Washington Post: FBI believes Trump 'personally examined' boxes after Mar-A-Lago subpoena
HunterThe Washington Post is reporting new details on the Justice Department's investigation of whether Donald Trump intentionally obstructed federal efforts to retrieve classified and non-classified documents Trump was keeping in his Mar-a-Lago resort.
There's still no reported smoking gun, although some of the details are beginning to come very, very close:
[F]ederal investigators have gathered new and significant evidence that after the subpoena was delivered, Trump looked through the contents of some of the boxes of documents in his home, apparently out of a desire to keep certain things in his possession, the people familiar with the investigation said.
Investigators now suspect, based on witness statements, security camera footage, and other documentary evidence, that boxes including classified material were moved from a Mar-a-Lago storage area after the subpoena was served, and that Trump personally examined at least some of those boxes, these people said.
All right, so there's evidence that Donald Trump personally thumbed through the boxes of government documents after receiving a subpoena demanding their return. From past reporting it has appeared that the boxes contained a hodgepodge of materials ranging from classified documents to magazine covers, and that ostensibly there's at least some material in there that Trump could argue was "his" and not the government's. We know that Trump had the boxes moved after receiving the subpoena; we know some of the boxes contained classified materials, and that a government search would later turn up a large number of classified documents Trump and his lawyers somehow (cough) couldn't find when they supposedly looked through the boxes themselves.
A smoking gun would be confirmation that Trump went through boxes that did contain classified documents, out of the "some of" them that did, saw classified documents, and kept them hidden. The Post's reporting notably doesn't say that investigators have such information.

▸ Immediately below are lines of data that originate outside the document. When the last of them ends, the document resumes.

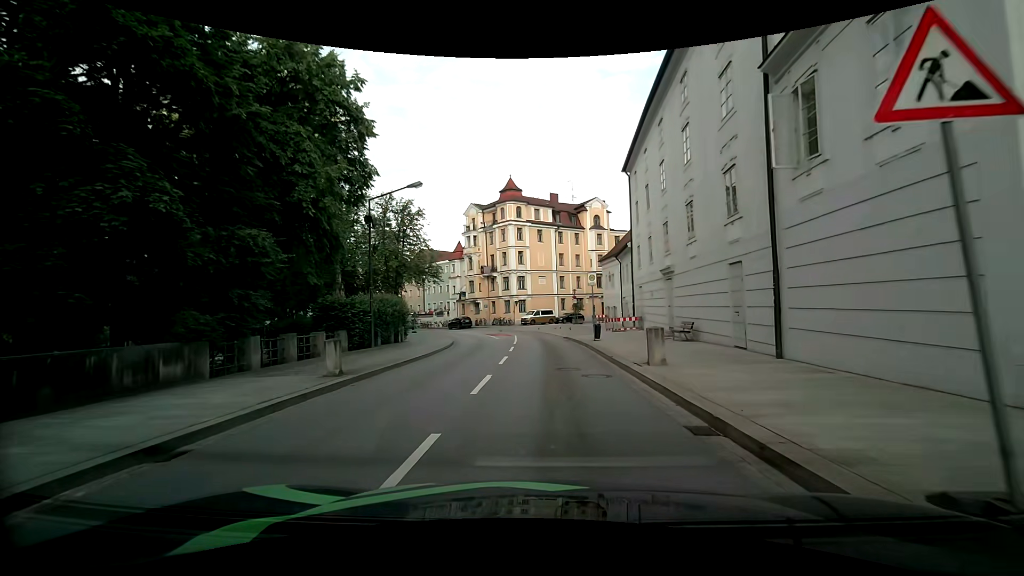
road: primary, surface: asphalt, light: Day
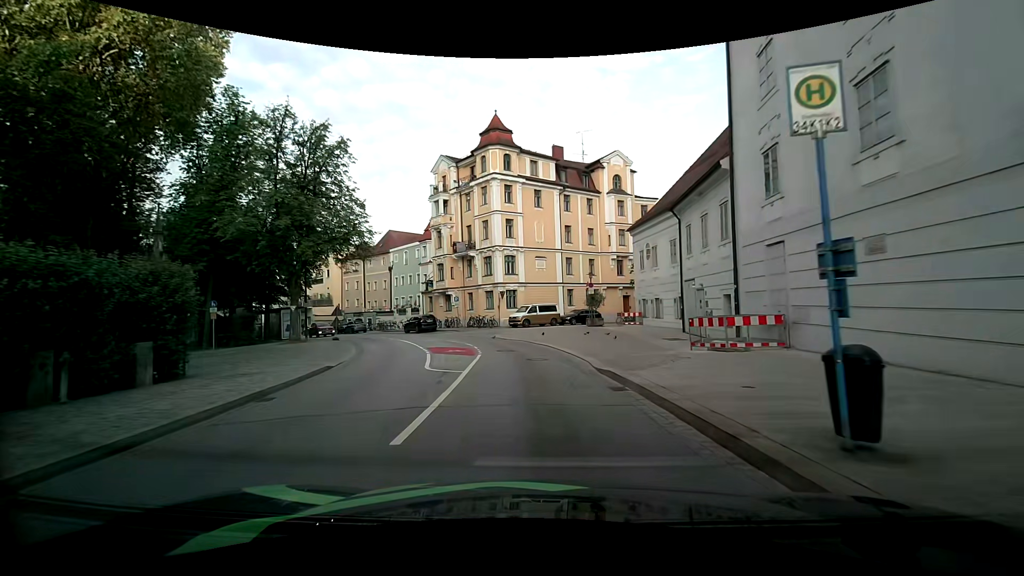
(-0.3, +21.8) m; -2°
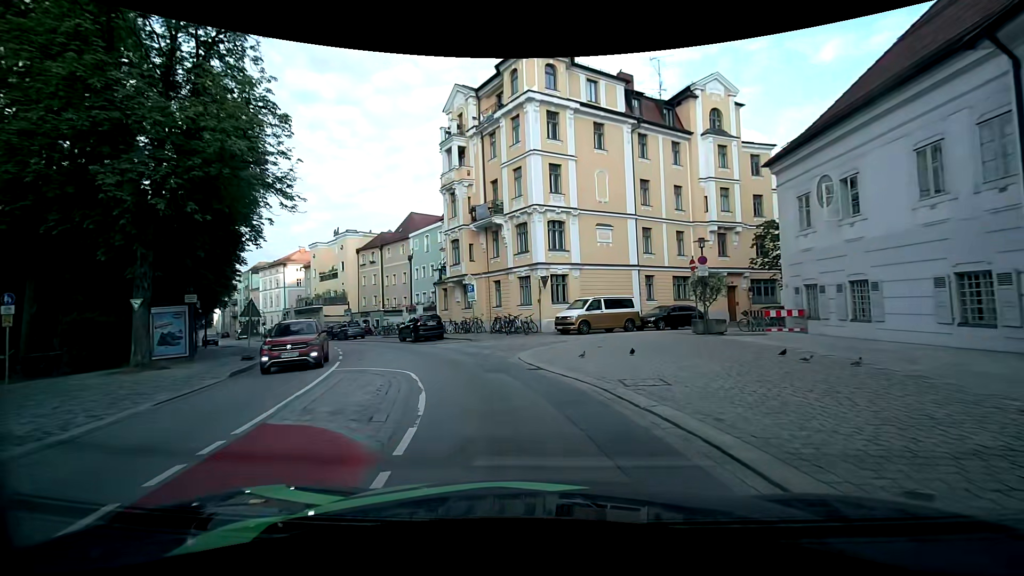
(-0.2, +16.6) m; -4°
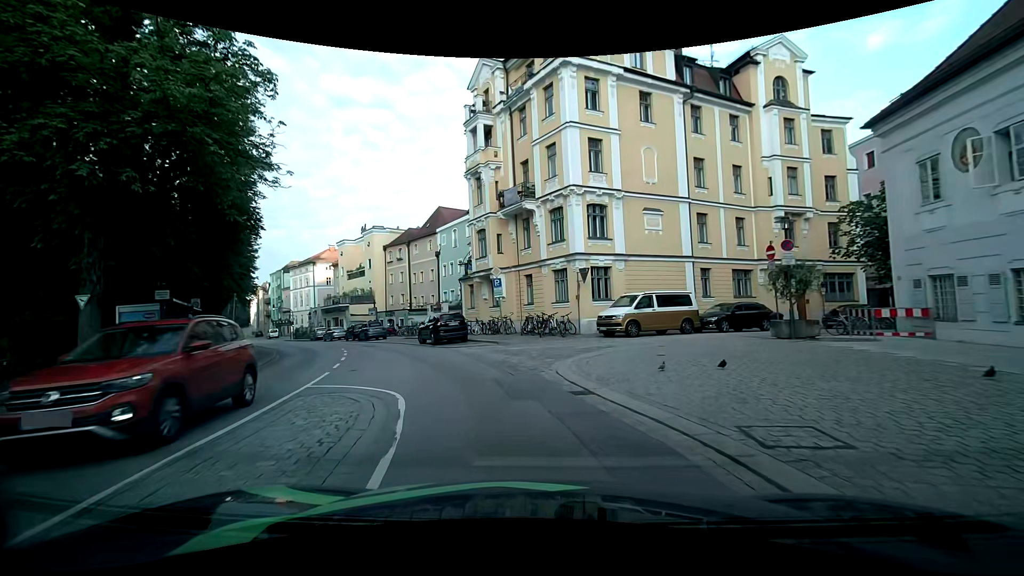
(-0.2, +3.9) m; -5°
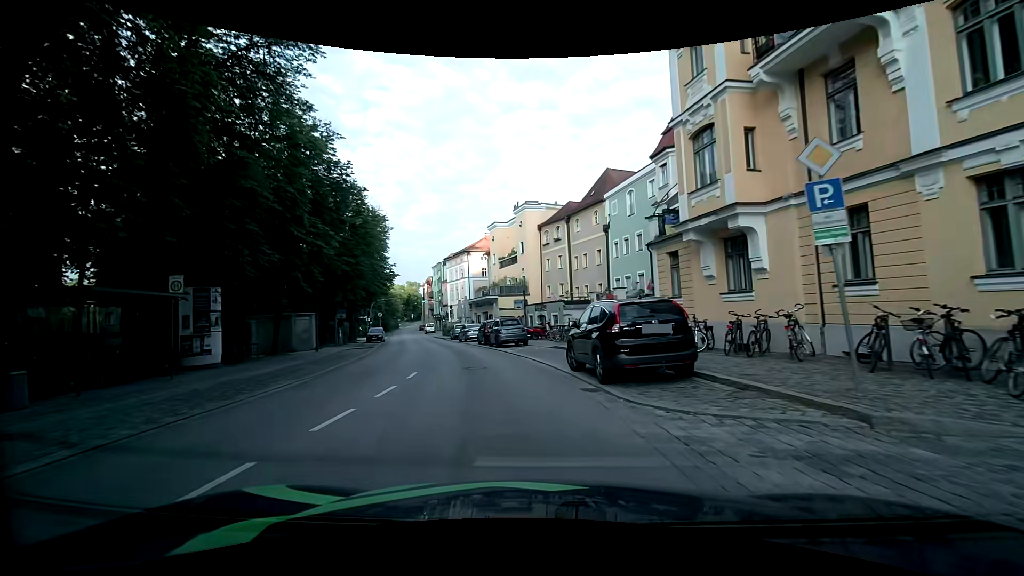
(-2.6, +15.8) m; -19°
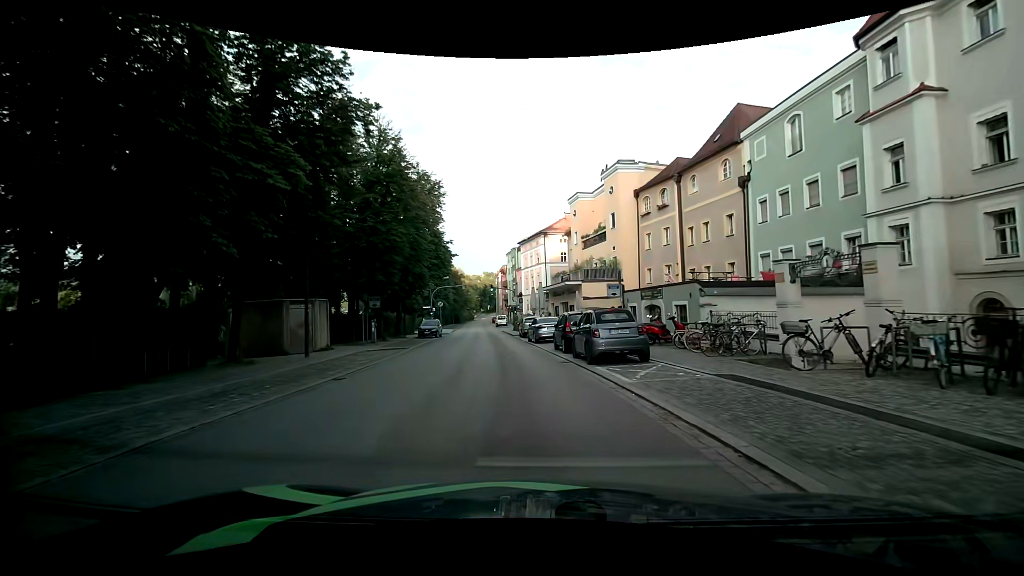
(-1.1, +12.3) m; -8°
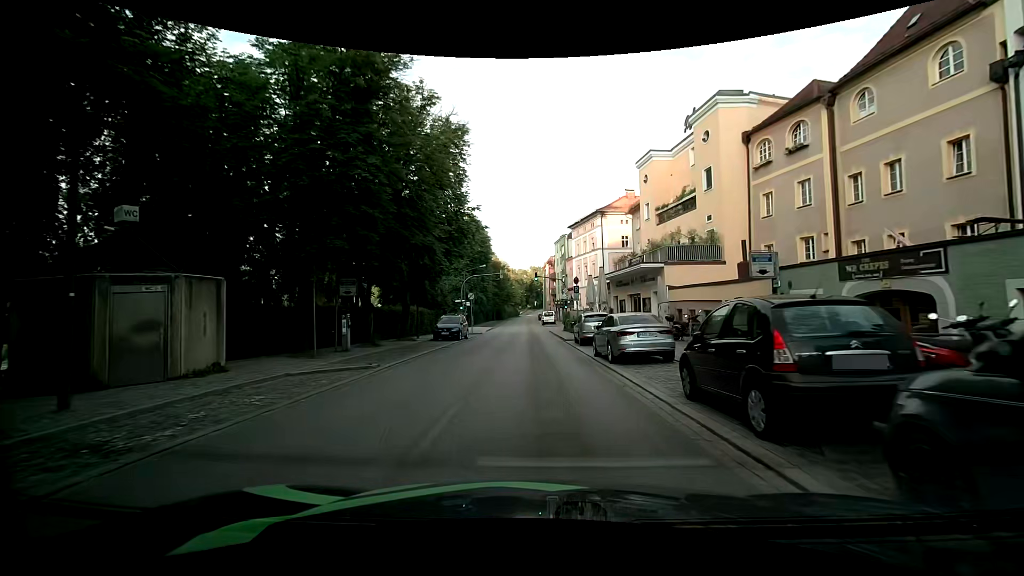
(-0.8, +12.9) m; -6°
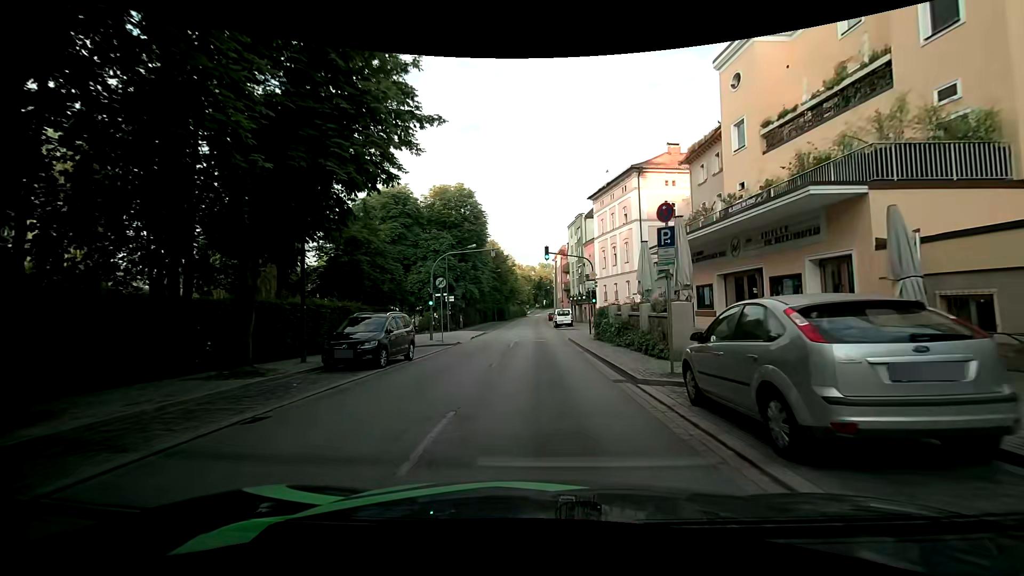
(-0.3, +18.5) m; -1°
(0, +10) (0, +20) (0, +30) (0, +40) (-1, +50) (-1, +60) (-1, +70) (-1, +80) (-1, +90) (-1, +100) m

One possible Trump defense would be "I was only looking through the boxes of government documents to see if there was anything in there that was legitimately mine and not the government's." That defense would fall apart if Trump didn't just remove that supposedly personal material, but continued to keep the remaining documents despite the subpoena demanding their return. So are investigators sure that the boxes Trump personally went through are, in fact, among those that the FBI later found inside Mar-a-Lago after Trump's lawyers insisted all government material had been returned?
There's a few other intriguing new details in the Post's new reporting. The Post reports that investigators have been asking interviewed witnesses whether "Trump showed classified documents, including maps, to political donors."
That's significant because it would build the case that Trump was keeping the classified documents for the shallowest and most narcissistic of reasons: He just wanted to show the damn things off. But the Post doesn't get any confirmation any of the witnesses said yes in response.
And this one's just odd: The Post reports that investigators are also asking witnesses specifically whether Trump "showed a particular interest in material relating to Gen. Mark A. Milley, the chairman of the Joint Chiefs of Staff."
Wait, what? Trump and Milley certainly had a falling out, as Milley joined the ranks of ex-Trump administration officials who exposed Trump as a frothing buffoon once they were out of his employ, but investigators have some reason to believe Donald Trump was specifically collecting government documents pertaining to Milley? The heck?
The Post's new reporting raises a lot of questions, but doesn't provide many answers. It's clear that investigators are predominantly interested in determining not whether Trump kept the government-owned materials—it is obvious that he did—but in what steps Trump took to hide the documents from the government, and possibly from his own lawyers, in violation of the subpoena demanding their return. That's the part that would be a big-boy crime, prosecutable to a much greater extent than mere sloppy document handling would normally bring.
It's pretty damn obvious that that's precisely what Trump did, but we're still not getting any hints from investigators that they think they can prove it. And proving it is the only part that matters.